Do we have something to compare this number to? Don't we expect most crimes to not go to trial, if the convicted person agrees that they committed the crime?
France trial are not "jury of your peer" trial. If I'm not mistaken, only the "Cour d'assises" has jurors. "Being judged by your peer" is not an enshrined Right in Europe.
Do they agree that they committed the crime or are they just making a tradeoff of a definite 5 years vs. a probable 25 years or something similar due to plea bargains?
From what I am reading, especially in drug cases this the tradeoff a lot of people are making. Add to this being poor and lacking legal education this is a rational choice.
It's true that most American prisoners are not "nonviolent drug user" inmates. However, around 250,000 of them are [1]. That's still a huge chunk of human life.
As a side note, I think HN readers may get a lot out of reading [1], which is a pretty concise look at the American prison system and some of the facts and myths around it.
People seem to forget how devastating drugs are to communities. We see it right now with meth and poor whites. It was (is?) true about African Americans and crack cocaine. There is no “legalize it” solution with these drugs. If you want to rehab low level offenders, fine. But high level offenders, the people running the operations, deserve their sentences.
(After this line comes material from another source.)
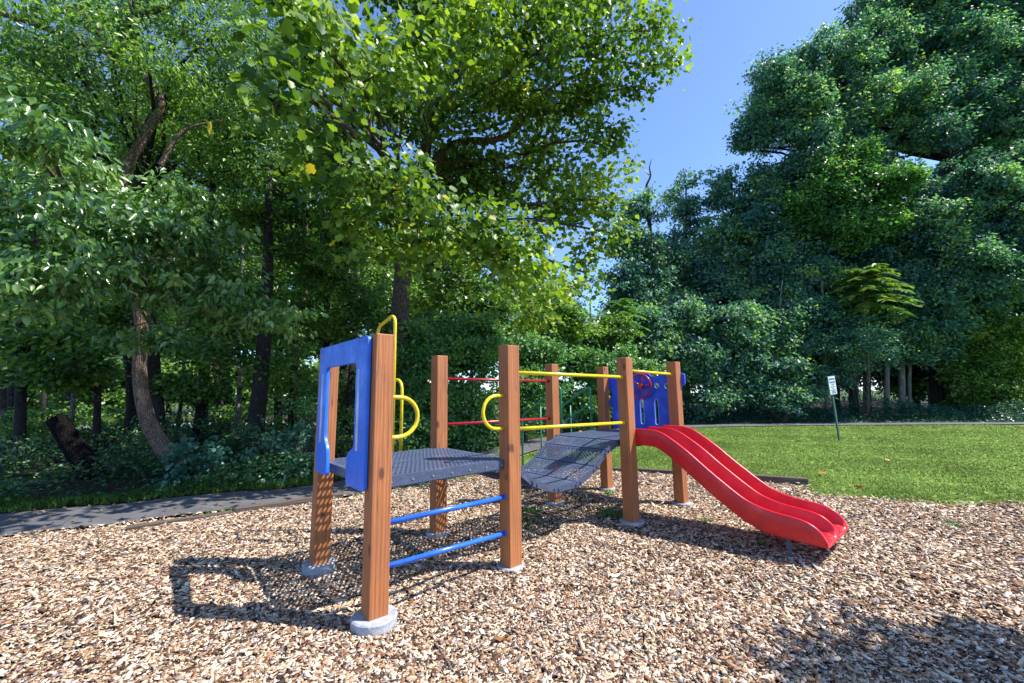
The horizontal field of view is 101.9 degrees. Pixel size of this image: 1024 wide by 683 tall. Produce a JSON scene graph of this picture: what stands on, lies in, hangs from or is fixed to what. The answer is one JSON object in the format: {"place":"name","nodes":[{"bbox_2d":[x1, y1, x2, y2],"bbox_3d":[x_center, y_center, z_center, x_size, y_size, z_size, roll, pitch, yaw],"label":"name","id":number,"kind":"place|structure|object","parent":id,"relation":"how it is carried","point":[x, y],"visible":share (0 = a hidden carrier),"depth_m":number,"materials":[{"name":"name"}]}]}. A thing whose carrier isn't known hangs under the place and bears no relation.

I think you're missing the fact that illegalization is pushing these substances and their users into the black market, deep in the margins of society, and essentially leaving the rest of us powerless. If we were to own up and legalize it, we would be in a better position to treat it and to apply preventive measures. Plus we wouldn't be financing the underworld. As far as I can tell, facing the hard issues, like working with the most disadvantaged people, is the only thing that makes a difference, while illegalization is about rejecting them.
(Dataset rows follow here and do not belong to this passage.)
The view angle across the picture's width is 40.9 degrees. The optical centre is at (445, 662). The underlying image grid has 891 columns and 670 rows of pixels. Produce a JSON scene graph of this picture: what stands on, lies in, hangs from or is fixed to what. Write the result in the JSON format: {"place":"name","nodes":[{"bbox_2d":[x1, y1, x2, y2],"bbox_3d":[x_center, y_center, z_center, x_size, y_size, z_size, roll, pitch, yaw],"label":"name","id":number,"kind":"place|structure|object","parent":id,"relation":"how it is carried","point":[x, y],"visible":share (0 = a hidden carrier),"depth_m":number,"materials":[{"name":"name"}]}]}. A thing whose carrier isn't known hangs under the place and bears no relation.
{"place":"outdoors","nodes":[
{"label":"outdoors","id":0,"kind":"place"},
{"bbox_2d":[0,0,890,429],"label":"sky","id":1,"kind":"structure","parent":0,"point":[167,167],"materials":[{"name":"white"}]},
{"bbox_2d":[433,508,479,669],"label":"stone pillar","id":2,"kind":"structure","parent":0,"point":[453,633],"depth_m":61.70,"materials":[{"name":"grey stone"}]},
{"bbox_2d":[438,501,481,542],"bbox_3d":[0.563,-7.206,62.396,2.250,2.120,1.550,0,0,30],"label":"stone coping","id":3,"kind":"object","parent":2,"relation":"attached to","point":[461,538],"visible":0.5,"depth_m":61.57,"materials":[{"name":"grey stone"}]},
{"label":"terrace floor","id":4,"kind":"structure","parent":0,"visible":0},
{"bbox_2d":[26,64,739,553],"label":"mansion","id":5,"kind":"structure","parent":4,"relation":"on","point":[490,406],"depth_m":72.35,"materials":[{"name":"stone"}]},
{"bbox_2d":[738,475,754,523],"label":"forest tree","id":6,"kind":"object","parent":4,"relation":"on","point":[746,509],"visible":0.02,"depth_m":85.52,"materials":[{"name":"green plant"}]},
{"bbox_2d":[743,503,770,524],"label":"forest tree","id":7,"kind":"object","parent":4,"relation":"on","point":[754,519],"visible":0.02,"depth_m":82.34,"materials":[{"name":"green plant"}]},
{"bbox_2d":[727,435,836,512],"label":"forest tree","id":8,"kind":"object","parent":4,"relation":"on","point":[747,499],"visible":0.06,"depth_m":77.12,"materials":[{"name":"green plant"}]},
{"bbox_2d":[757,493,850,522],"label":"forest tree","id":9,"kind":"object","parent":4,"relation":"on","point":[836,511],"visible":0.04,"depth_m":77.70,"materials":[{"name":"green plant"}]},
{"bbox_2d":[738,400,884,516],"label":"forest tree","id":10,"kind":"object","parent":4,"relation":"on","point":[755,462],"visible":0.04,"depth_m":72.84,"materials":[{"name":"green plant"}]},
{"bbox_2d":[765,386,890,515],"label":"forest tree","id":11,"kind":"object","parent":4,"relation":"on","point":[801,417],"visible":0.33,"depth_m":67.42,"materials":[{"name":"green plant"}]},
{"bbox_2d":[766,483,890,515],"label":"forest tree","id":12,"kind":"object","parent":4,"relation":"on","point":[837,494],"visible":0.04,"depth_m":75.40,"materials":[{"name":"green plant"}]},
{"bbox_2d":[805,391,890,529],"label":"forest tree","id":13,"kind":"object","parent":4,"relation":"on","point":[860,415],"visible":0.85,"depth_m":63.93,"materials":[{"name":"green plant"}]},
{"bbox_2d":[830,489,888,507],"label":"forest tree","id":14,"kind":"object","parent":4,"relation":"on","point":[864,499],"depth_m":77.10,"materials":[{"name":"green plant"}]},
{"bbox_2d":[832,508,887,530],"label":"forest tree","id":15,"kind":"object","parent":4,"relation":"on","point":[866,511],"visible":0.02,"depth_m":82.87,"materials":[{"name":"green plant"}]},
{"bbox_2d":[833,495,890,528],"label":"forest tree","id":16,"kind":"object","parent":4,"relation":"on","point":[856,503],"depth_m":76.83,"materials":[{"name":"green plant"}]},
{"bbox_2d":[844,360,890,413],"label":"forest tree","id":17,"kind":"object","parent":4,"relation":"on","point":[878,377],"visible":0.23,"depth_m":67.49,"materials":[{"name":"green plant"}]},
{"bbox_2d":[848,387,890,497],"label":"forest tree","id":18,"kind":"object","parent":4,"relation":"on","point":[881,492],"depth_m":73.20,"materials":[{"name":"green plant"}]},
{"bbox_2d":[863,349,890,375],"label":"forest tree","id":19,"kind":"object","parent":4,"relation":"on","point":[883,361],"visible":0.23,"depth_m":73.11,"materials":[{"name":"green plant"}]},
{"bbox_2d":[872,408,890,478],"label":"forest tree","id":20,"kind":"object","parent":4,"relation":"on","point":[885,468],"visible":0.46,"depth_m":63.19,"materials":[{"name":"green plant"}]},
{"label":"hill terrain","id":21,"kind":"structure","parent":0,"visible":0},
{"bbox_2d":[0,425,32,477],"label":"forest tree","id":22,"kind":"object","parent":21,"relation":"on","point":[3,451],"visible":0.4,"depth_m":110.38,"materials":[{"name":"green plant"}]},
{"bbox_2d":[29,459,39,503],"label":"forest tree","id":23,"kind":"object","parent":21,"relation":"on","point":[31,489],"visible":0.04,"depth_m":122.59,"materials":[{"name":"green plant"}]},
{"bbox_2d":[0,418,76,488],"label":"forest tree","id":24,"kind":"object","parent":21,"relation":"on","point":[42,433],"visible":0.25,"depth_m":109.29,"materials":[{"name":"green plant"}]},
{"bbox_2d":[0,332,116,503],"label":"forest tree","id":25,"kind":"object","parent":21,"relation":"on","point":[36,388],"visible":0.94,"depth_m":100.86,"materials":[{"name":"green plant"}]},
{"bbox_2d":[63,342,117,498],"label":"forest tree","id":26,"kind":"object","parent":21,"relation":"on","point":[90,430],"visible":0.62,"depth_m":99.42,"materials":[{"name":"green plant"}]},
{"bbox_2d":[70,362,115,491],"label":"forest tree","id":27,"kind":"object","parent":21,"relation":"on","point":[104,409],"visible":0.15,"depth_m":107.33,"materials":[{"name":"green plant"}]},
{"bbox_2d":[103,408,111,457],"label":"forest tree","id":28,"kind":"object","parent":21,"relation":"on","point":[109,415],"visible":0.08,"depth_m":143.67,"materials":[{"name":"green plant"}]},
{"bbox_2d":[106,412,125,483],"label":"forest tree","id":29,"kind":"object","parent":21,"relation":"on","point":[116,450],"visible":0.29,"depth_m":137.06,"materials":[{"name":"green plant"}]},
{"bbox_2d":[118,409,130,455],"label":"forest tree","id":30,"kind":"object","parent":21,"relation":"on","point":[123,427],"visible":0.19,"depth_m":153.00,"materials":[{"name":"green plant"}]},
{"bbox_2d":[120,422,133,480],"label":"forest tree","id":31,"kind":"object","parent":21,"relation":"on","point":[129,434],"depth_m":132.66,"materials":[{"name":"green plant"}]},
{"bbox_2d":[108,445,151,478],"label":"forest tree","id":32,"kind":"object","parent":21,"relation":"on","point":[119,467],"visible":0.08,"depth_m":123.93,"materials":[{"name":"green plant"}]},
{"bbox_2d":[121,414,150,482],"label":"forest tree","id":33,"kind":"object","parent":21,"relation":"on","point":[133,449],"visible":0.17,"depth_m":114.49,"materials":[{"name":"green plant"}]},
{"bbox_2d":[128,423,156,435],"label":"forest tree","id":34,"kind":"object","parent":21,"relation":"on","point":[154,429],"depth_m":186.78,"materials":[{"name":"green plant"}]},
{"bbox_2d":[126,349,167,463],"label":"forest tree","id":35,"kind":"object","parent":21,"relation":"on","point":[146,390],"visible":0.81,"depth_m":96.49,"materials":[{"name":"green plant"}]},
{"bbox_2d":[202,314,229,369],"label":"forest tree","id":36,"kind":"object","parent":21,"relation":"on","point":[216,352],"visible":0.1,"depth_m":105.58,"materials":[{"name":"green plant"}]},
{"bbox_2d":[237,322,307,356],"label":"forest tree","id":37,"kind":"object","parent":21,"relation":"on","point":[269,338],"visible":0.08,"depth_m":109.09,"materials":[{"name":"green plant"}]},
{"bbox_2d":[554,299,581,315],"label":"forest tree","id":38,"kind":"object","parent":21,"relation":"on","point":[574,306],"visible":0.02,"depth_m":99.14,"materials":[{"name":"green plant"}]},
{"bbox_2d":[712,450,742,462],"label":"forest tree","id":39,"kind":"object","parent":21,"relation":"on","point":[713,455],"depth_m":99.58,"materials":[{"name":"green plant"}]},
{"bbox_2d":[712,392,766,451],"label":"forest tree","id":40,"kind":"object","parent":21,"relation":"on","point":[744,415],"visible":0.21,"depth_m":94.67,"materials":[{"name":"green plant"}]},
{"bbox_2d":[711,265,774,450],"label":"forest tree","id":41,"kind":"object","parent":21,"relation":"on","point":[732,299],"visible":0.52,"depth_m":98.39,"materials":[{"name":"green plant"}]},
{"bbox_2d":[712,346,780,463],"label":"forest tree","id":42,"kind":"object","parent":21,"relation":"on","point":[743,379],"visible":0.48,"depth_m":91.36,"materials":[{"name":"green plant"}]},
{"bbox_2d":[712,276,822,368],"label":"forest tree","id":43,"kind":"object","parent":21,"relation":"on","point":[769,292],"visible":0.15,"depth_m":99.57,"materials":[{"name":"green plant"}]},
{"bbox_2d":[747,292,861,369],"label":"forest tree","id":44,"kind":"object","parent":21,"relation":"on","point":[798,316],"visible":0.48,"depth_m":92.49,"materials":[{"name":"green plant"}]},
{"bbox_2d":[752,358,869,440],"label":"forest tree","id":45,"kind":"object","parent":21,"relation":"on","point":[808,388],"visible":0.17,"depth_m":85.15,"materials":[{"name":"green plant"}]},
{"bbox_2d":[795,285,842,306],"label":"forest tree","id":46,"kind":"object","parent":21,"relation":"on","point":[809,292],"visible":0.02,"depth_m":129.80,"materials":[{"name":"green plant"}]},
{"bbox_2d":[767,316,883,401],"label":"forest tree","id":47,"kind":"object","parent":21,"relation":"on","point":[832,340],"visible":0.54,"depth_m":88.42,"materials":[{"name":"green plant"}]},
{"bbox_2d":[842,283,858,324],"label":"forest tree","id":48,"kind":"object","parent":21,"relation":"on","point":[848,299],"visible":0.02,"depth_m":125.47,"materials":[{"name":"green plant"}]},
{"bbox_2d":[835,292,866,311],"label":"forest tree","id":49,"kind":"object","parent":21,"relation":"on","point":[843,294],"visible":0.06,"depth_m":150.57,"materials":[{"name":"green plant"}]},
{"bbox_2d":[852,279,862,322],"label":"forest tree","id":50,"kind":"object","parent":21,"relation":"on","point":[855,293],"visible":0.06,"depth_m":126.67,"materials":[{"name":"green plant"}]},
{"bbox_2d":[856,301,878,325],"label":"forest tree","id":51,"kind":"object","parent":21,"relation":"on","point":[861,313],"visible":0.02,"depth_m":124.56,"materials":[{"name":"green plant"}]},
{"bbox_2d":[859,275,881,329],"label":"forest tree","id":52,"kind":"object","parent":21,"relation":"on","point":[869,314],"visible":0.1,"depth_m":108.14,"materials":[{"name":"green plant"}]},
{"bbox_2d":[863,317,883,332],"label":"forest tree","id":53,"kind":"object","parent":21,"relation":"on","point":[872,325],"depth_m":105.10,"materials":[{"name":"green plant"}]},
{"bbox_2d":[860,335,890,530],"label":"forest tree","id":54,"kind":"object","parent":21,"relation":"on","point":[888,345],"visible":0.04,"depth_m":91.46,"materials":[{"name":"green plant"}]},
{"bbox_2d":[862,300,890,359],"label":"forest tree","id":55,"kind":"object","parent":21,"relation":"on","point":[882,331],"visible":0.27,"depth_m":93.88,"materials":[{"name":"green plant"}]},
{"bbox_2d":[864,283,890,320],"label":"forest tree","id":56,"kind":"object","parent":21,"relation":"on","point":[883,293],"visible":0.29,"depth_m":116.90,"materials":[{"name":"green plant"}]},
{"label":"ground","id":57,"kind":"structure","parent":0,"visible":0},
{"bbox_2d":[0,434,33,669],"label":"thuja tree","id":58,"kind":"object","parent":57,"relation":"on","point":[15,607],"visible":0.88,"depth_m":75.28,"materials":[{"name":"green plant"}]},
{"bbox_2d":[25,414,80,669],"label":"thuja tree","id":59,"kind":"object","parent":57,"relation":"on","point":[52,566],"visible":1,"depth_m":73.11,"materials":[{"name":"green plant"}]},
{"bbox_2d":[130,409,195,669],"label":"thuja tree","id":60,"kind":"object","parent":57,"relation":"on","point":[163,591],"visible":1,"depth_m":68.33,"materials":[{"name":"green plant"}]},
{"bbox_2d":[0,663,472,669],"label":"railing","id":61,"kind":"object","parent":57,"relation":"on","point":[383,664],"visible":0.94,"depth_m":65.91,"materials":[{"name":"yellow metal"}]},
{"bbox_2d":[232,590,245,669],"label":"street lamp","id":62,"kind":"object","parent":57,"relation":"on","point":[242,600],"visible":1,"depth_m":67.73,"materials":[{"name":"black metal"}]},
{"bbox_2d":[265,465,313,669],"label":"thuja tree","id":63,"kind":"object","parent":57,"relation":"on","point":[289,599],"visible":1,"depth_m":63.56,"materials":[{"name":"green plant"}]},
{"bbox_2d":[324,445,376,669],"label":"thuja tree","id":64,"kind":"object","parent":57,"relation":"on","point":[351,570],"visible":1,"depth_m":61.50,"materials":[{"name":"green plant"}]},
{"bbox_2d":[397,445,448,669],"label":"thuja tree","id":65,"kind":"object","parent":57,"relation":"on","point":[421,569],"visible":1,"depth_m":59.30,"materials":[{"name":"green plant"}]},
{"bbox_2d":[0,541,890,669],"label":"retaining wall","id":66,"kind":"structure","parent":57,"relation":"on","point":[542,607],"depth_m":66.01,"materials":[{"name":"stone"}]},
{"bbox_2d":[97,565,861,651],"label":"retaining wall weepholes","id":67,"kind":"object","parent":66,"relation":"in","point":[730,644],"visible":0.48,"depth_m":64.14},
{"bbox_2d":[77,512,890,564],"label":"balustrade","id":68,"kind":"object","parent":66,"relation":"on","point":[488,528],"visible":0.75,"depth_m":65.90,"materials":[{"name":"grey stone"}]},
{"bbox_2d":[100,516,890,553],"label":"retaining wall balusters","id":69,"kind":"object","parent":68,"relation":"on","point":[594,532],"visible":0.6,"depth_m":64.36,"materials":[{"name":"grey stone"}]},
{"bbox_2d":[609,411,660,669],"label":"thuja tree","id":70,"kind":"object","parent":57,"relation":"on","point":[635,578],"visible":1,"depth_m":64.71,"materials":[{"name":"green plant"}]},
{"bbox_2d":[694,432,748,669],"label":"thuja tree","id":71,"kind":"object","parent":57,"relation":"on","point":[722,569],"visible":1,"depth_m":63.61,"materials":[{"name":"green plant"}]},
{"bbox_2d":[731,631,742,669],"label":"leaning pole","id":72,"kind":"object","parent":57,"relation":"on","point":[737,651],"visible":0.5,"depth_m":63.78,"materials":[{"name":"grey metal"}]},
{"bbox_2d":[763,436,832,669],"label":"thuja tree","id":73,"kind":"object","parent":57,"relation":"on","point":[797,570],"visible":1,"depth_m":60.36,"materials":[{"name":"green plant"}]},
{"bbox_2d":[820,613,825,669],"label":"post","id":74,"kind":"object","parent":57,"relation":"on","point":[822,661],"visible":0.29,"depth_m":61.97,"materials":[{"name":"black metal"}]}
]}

That's comically untrue. The drug war is a policy coined and handed down by the Nixon and subsequent White House administrations on the rest of the West, and in the US it does have strong racist undertones (see minimum sentences for crack cocaine compared to powdered cocaine).
Not even sure what you mean by laws coming from local communities. To someone involved in the drug industry illegalization is a conundrum. On the one hand, you might get punished. On the other hand, you're incentivized to do it, because you'll make a lot of money filling the supply vacuum left by the formal economy. Add bad socioeconomic conditions into the mix and poverty becomes much scarier than criminal prosecution.
Criminalization doesn't work. We have known this for decades. Destroying people's lives perpetuates the problem. Treat drug addiction as a public health issue and it needs to go hand-in-hand with poverty reduction.
It's not a scare quote. It's how reasonable people approach novel turns of phrase so that they don't become part of our culturally accepted common knowledge without any basis in fact.
1/5 or 20% of people currently incarcerated are for non-violent drug use. This article tries to downplay it by reversing the statistic saying 4/5's aren't non-violent drug offenders. So about ~450k are incarcerated for non-violent drug possession in any given day.
Did you bother actually looking up the data? Because intentional homicide in the US is indeed more than 6x greater than it is in places like Austria and Switzerland.
There is no country in western Europe with anywhere near the violent crime rate as the US.
Yes I did. US has 3 times more murder then average EU. That is not the same as 6 times more. And some of surplus is one person killing more people, so you then have one person being in prison instead of multiple.
And murder clearance rates are low anyway, so that on itself can't be reason for disparity.
I am inclined to believe that criminal inclination is a human universal. I am also inclined to believe that the American system catches and punishes more criminals (as a percentage) than the European systems. But some disparity does seem to exist.
One of the few unchecked powers of the US president is the pardon. I never understood why Obama (now Trump) didnt just pardon all federal non violent drug offenders on the last day of his 2nd term...
I doubt he prioritized that over the political baggage it would create for his successors or his personal life. I wish he had been inspired by carter, but politically I think this must seem riskier than those pardons. The rhetoric around why prisoners shouldn't vote seem to underly a lot of the same thinking, but I wish we knew their rationale.
That shows the amplitude and the spread of the carceral problem in the US.